Optionally, consider the \emph{non-invertability} scenario which is possible when $m \leq n$. Solving this with Octave's \emph{pinv} without regularisation gives you a numerically correct answer but might not necessarily result in a sensible hypothesis. Regularisation however ensures (this can be proven but it is too involved to get in to) that the resultant matrix of $(X^TX + \lambda
\begin{pmatrix}
0 & 0 & \cdots & 0 \\
0 & 1 & \cdots & 0 \\ 
\vdots & \vdots & \ddots & \vdots \\
0 & 0 & \cdots & 1
\end{pmatrix}
)^{-1}$ will never be degenerate provided $\lambda > 0$.

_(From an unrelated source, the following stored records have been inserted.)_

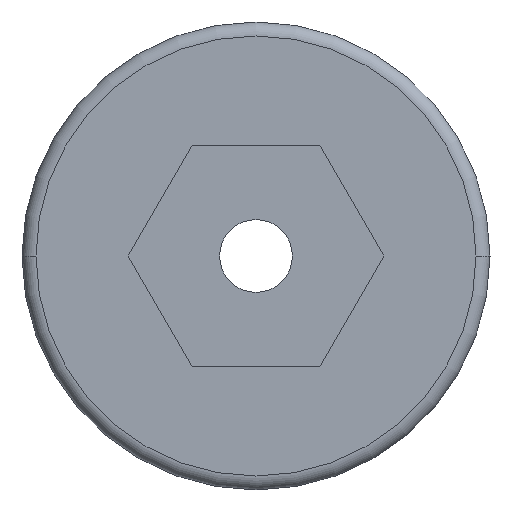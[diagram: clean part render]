
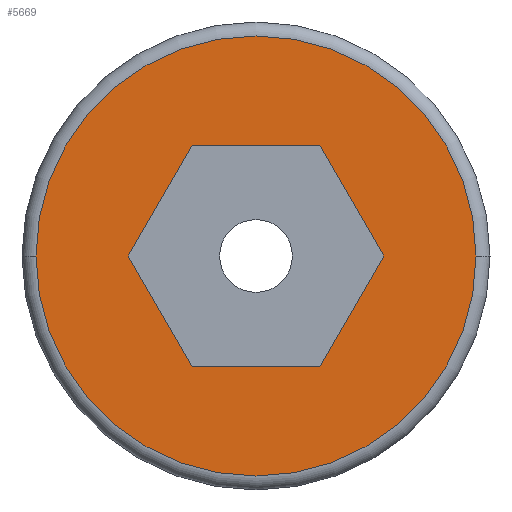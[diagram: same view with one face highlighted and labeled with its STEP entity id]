
A CAD part, left-side view. The second image highlights one B-rep face of the part: STEP entity #5669.
In plain terms, the highlighted planar face has unit normal (-1, 0, 0).
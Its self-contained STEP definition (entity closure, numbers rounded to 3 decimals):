
#2325=DIRECTION('',(0.,-0.5,0.866));
#2326=VECTOR('',#2325,2.321);
#2327=CARTESIAN_POINT('',(-4.91,2.321,0.));
#2328=LINE('',#2327,#2326);
#2329=DIRECTION('',(0.,0.5,0.866));
#2330=VECTOR('',#2329,2.321);
#2331=CARTESIAN_POINT('',(-4.91,1.16,-2.01));
#2332=LINE('',#2331,#2330);
#2333=DIRECTION('',(0.,1.,0.));
#2334=VECTOR('',#2333,2.321);
#2335=CARTESIAN_POINT('',(-4.91,-1.16,-2.01));
#2336=LINE('',#2335,#2334);
#2337=DIRECTION('',(0.,0.5,-0.866));
#2338=VECTOR('',#2337,2.321);
#2339=CARTESIAN_POINT('',(-4.91,-2.321,0.));
#2340=LINE('',#2339,#2338);
#2341=DIRECTION('',(0.,-0.5,-0.866));
#2342=VECTOR('',#2341,2.321);
#2343=CARTESIAN_POINT('',(-4.91,-1.16,2.01));
#2344=LINE('',#2343,#2342);
#2345=DIRECTION('',(0.,-1.,0.));
#2346=VECTOR('',#2345,2.321);
#2347=CARTESIAN_POINT('',(-4.91,1.16,2.01));
#2348=LINE('',#2347,#2346);
#2349=CARTESIAN_POINT('',(-4.91,0.,0.));
#2350=DIRECTION('',(-1.,0.,0.));
#2351=DIRECTION('',(0.,1.,0.));
#2352=AXIS2_PLACEMENT_3D('',#2349,#2350,#2351);
#2354=CARTESIAN_POINT('',(-4.91,0.,0.));
#2355=DIRECTION('',(-1.,0.,0.));
#2356=DIRECTION('',(0.,-1.,0.));
#2357=AXIS2_PLACEMENT_3D('',#2354,#2355,#2356);
#2548=CARTESIAN_POINT('',(-4.91,2.321,0.));
#2549=CARTESIAN_POINT('',(-4.91,1.16,2.01));
#2550=VERTEX_POINT('',#2548);
#2551=VERTEX_POINT('',#2549);
#2552=CARTESIAN_POINT('',(-4.91,-1.16,2.01));
#2553=VERTEX_POINT('',#2552);
#2554=CARTESIAN_POINT('',(-4.91,-2.321,0.));
#2555=VERTEX_POINT('',#2554);
#2556=CARTESIAN_POINT('',(-4.91,-1.16,-2.01));
#2557=VERTEX_POINT('',#2556);
#2558=CARTESIAN_POINT('',(-4.91,1.16,-2.01));
#2559=VERTEX_POINT('',#2558);
#2560=CARTESIAN_POINT('',(-4.91,3.996,0.));
#2561=CARTESIAN_POINT('',(-4.91,-3.996,0.));
#2562=VERTEX_POINT('',#2560);
#2563=VERTEX_POINT('',#2561);
#5645=CARTESIAN_POINT('',(-4.91,0.,0.));
#5646=DIRECTION('',(1.,0.,0.));
#5647=DIRECTION('',(0.,-1.,0.));
#5648=AXIS2_PLACEMENT_3D('',#5645,#5646,#5647);
#5649=PLANE('',#5648);
#5651=ORIENTED_EDGE('',*,*,#5650,.F.);
#5652=ORIENTED_EDGE('',*,*,#5635,.F.);
#5653=EDGE_LOOP('',(#5651,#5652));
#5654=FACE_OUTER_BOUND('',#5653,.F.);
#5656=ORIENTED_EDGE('',*,*,#5655,.F.);
#5658=ORIENTED_EDGE('',*,*,#5657,.F.);
#5660=ORIENTED_EDGE('',*,*,#5659,.F.);
#5662=ORIENTED_EDGE('',*,*,#5661,.F.);
#5664=ORIENTED_EDGE('',*,*,#5663,.F.);
#5666=ORIENTED_EDGE('',*,*,#5665,.F.);
#5667=EDGE_LOOP('',(#5656,#5658,#5660,#5662,#5664,#5666));
#5668=FACE_BOUND('',#5667,.F.);
#2353=CIRCLE('',#2352,3.996);
#2358=CIRCLE('',#2357,3.996);
#5635=EDGE_CURVE('',#2563,#2562,#2358,.T.);
#5650=EDGE_CURVE('',#2562,#2563,#2353,.T.);
#5655=EDGE_CURVE('',#2550,#2551,#2328,.T.);
#5657=EDGE_CURVE('',#2559,#2550,#2332,.T.);
#5659=EDGE_CURVE('',#2557,#2559,#2336,.T.);
#5661=EDGE_CURVE('',#2555,#2557,#2340,.T.);
#5663=EDGE_CURVE('',#2553,#2555,#2344,.T.);
#5665=EDGE_CURVE('',#2551,#2553,#2348,.T.);
#5669=ADVANCED_FACE('',(#5654,#5668),#5649,.F.);

\section{Regularised logistic regression}
\subsection{Gradient descent}
Remember the cost function for this looks, once unfolded and simplified, like this:
\[
	J(\theta) = -[\frac{1}{m}\sum^m_{i = 1}
	y^{(i)}log(h_\theta(x^{(i)}) + (1-y^{(i)}))log(1-h_\theta(x^{(i)}))]
\]

All that needs to happen to regularise it is to add a term at the end:

\[
J(\theta) = -[\frac{1}{m}\sum^m_{i = 1}
y^{(i)}log(h_\theta(x^{(i)}) + (1-y^{(i)}))log(1-h_\theta(x^{(i)}))] + \frac{\lambda}{2m}\sum^n_{j = 1}\theta^2_j
\]

To implement this using gradient descent looks superficially the same as the linear regression version. Assuming we treat $\theta_0$ separately, it just comes down to iterating over this:
\[
\theta_j \mathrel{\mathop:}=
\theta_j - \alpha [\frac{1}{m}
\sum_{i=1}^{m}
(h_\theta(x^{(i)}) - y^{(i)})x_j^{(i)} - \frac{\lambda}{m}\theta_j]
\]

\section{Using more advanced optimisation techniques}
There's a most enlightening slide in the scratchpad. Remember that to implement the advanced optimisations we need to provide a cost function that returns $J(_theta)$, to which we'll now have to add the regularisation term, as well as all partial derivatives ($\frac{\partial}{\partial\theta_n}J(\theta)$ for all values of $n$). Lastly, remember that we treat $\theta_0$ differently (we don't regularise it) and that Octave is 1-indexed as opposed to $\theta$, which we've 0-indexed.